Probably the most egregious future prediction movie was "Strange Days" released in 1995 starring Boring Fiennes, I mean Ralph Fiennes, as a former cop who now sells people's memories on a futuristic machine. The movie is set in the dystopian future L.A. of, get this, 1999. So in a mere four years, L.A. was going to turn into a futuristic setting!

In a minor digression, I will note that "Strange Days" is a total ripoff of the somewhat better Christopher Walken/Natalie Wood movie "Brainstorm" from 1983. That's a movie about using a machine to play back memories released in the 1980s, but for some reason everyone's dressed like it's the 1970s.

In addition, the world did not end in 1984 via comet radiation and zombies as predicted by one of my favorites, "Night of the Comet."

Many of the predictions made in late 20th century movies concerned the year 2000 or thereabouts.

Consider this movie title and its tagline: "Death Race 2000: In the year 2000, hit and run driving is no longer a felony. It's the national sport!" There's that dystopia again.

And we all remember what a disaster Y2K turned out to be.

I think the band Flight of the Conchords put it best when they sang:

"It is the distant future, the year 2000 / We are robots / The world is very different ever since the robotic uprising of the mid-nineties / ...Finally robotic beings rule the world / The humans are dead."

Of course, they released the song after the year 2000, just to make fun of these old movies.

Finally, there are flying cars.
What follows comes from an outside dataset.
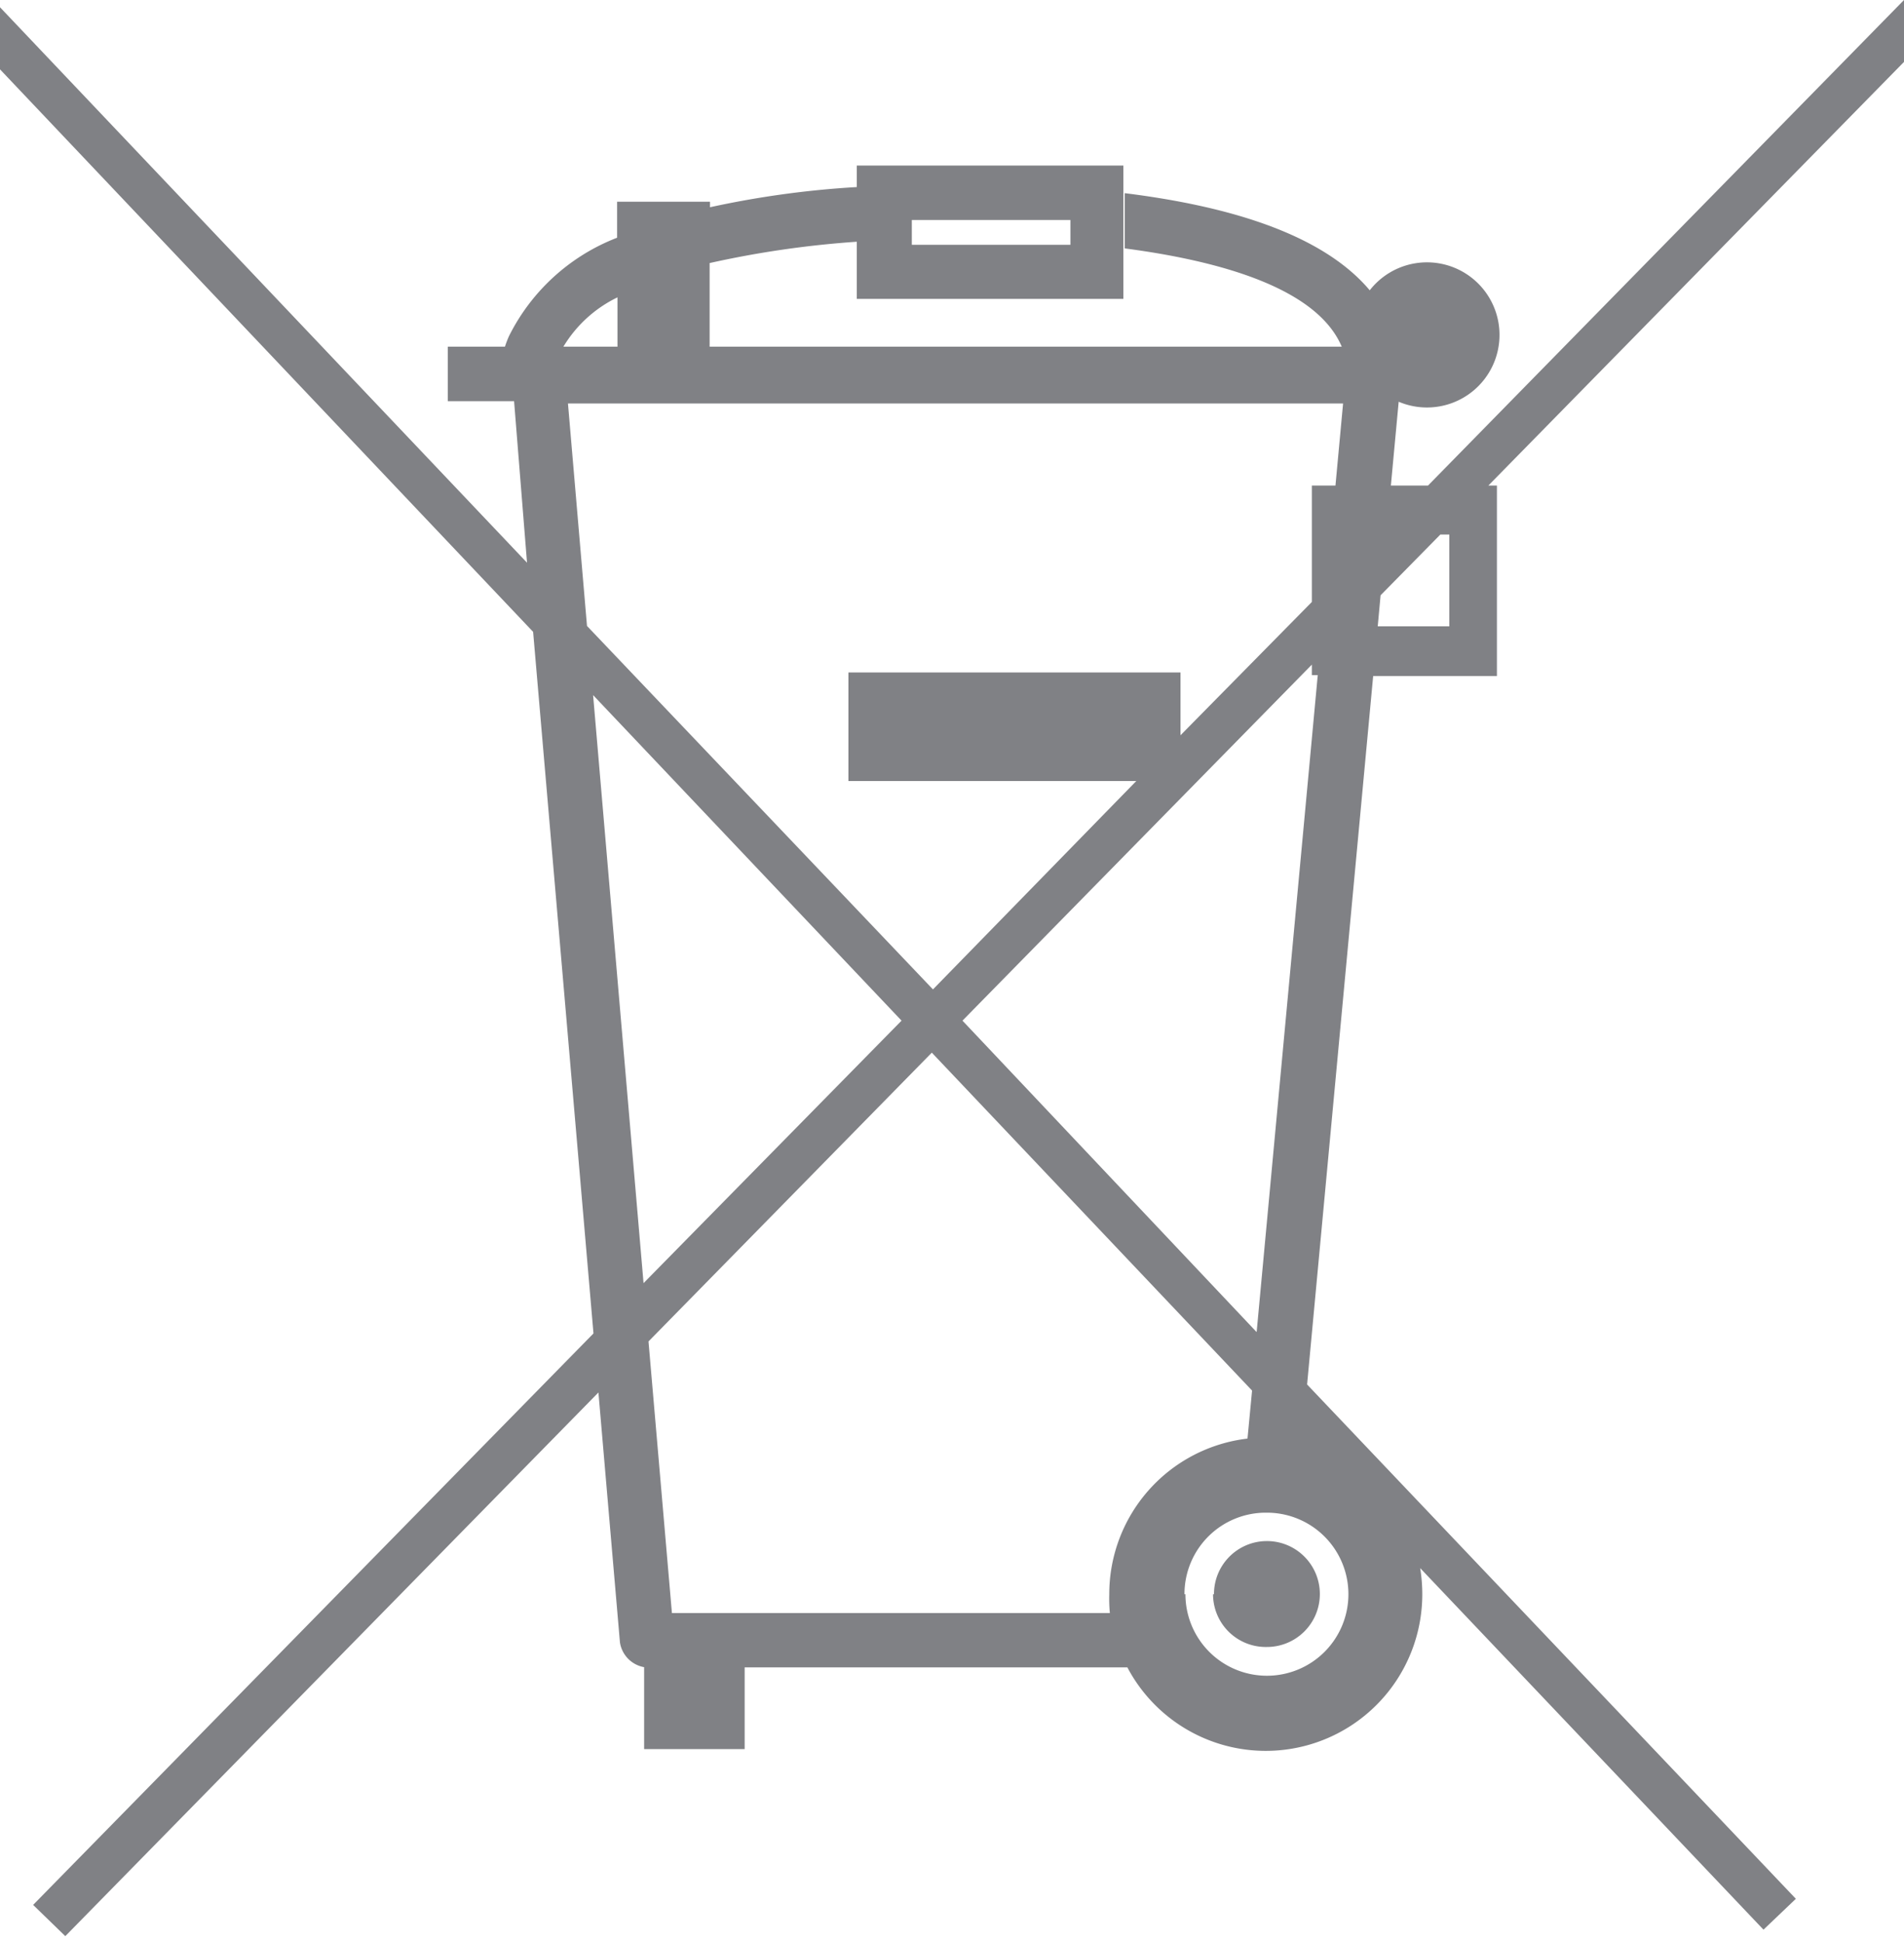 <svg id="Foreground" xmlns="http://www.w3.org/2000/svg" viewBox="0 0 100 102"><defs><style>.cls-1{fill:#808185;}</style></defs><path class="cls-1" d="M56.22,11.55H47.89v1.3h8.33ZM32.43,15.61a6.74,6.74,0,0,0-2.84,2.59h2.84ZM75.65,28.06l-3.14,3.19-.15,1.63h3.76V28.06ZM47.35,53.58,31.15,36.49,33.8,67.36Zm3.2,0L66,69.93l3.21-34.49h-.31v-.55ZM30.83,32.86,49,51.94,59.68,41H44.56v-5.7H62v3.3l6.9-7V25.49h1.24l.4-4.31H29.83ZM74.59,82.32a8.74,8.74,0,0,1,.11,1.37,8.22,8.22,0,0,1-15.49,3.84H39.11v4.29H33.83v-4.3a1.56,1.56,0,0,1-1.27-1.3L31.43,73.1l-28,28.54L1.74,100,31.17,70,28,33.17,0,3.64V.38L27.68,29.54,27,21.06H23.52V18.2h3a5.88,5.88,0,0,1,.21-.55,10.62,10.62,0,0,1,5.68-5.17V10.59h4.88v.29A49.48,49.48,0,0,1,45,9.82V8.69h14v7H45v-3a51.63,51.63,0,0,0-7.73,1.12V18.2H70.47c-1.3-3.07-6.36-4.5-11.4-5.16v-2.9c5.06.63,10.26,2,12.87,5.1a3.81,3.81,0,1,1,1.52,5.85l-.41,4.4H75L100,0V3.25L78.17,25.49h.45v10h-6.5L68.65,72.68l25.67,27-1.7,1.62ZM58.26,83.69a8.22,8.22,0,0,1,7.26-8.17L65.76,73,48.94,55.26,34.06,70.42l1.23,14.26h23A8.22,8.22,0,0,1,58.26,83.69Zm4,0a4.28,4.28,0,1,0,4.27-4.28A4.27,4.27,0,0,0,62.21,83.69Zm1.5,0a2.78,2.78,0,1,1,2.77,2.77A2.77,2.77,0,0,1,63.71,83.69Z"/></svg>

We can't be sure because the movies featuring them are for the most part still set in the future. "Back to the Future Part II" predicts that flying cars will be common by 2015. The engineers better get cracking. And "Bladerunner" shows us a 2019 featuring not only flying cars but robots or clones so realistic they can be mistaken for actual people.

But that will never happen because, the world will end in 2012.

In fact, looking on to the future can be even more fun.

Will intelligent apes rule the world in the year 3955? (Actually, I could have written this entire column based on the "Planet of the Apes" franchise, but I think it would have ended up being too confusing. For a full time line visit http://pota.goatley.com/prophecy/timeline.htm.)

Will humans have split into two separate species, one feeding off the other, by the year A.D. 802,701 as H.G. Wells predicted?

In the end, every movie and story about the future comes down to the same question posed famously in the Zager and Evans song, "In The Year 2525":

"In the year ninetyfive ninetyfive / I'm kind a wond'rin' if man is gonna be alive ..."

As for me, I'm just surprised to find that the distant future from my childhood arrived so fast. And I didn't need a flying car to get here.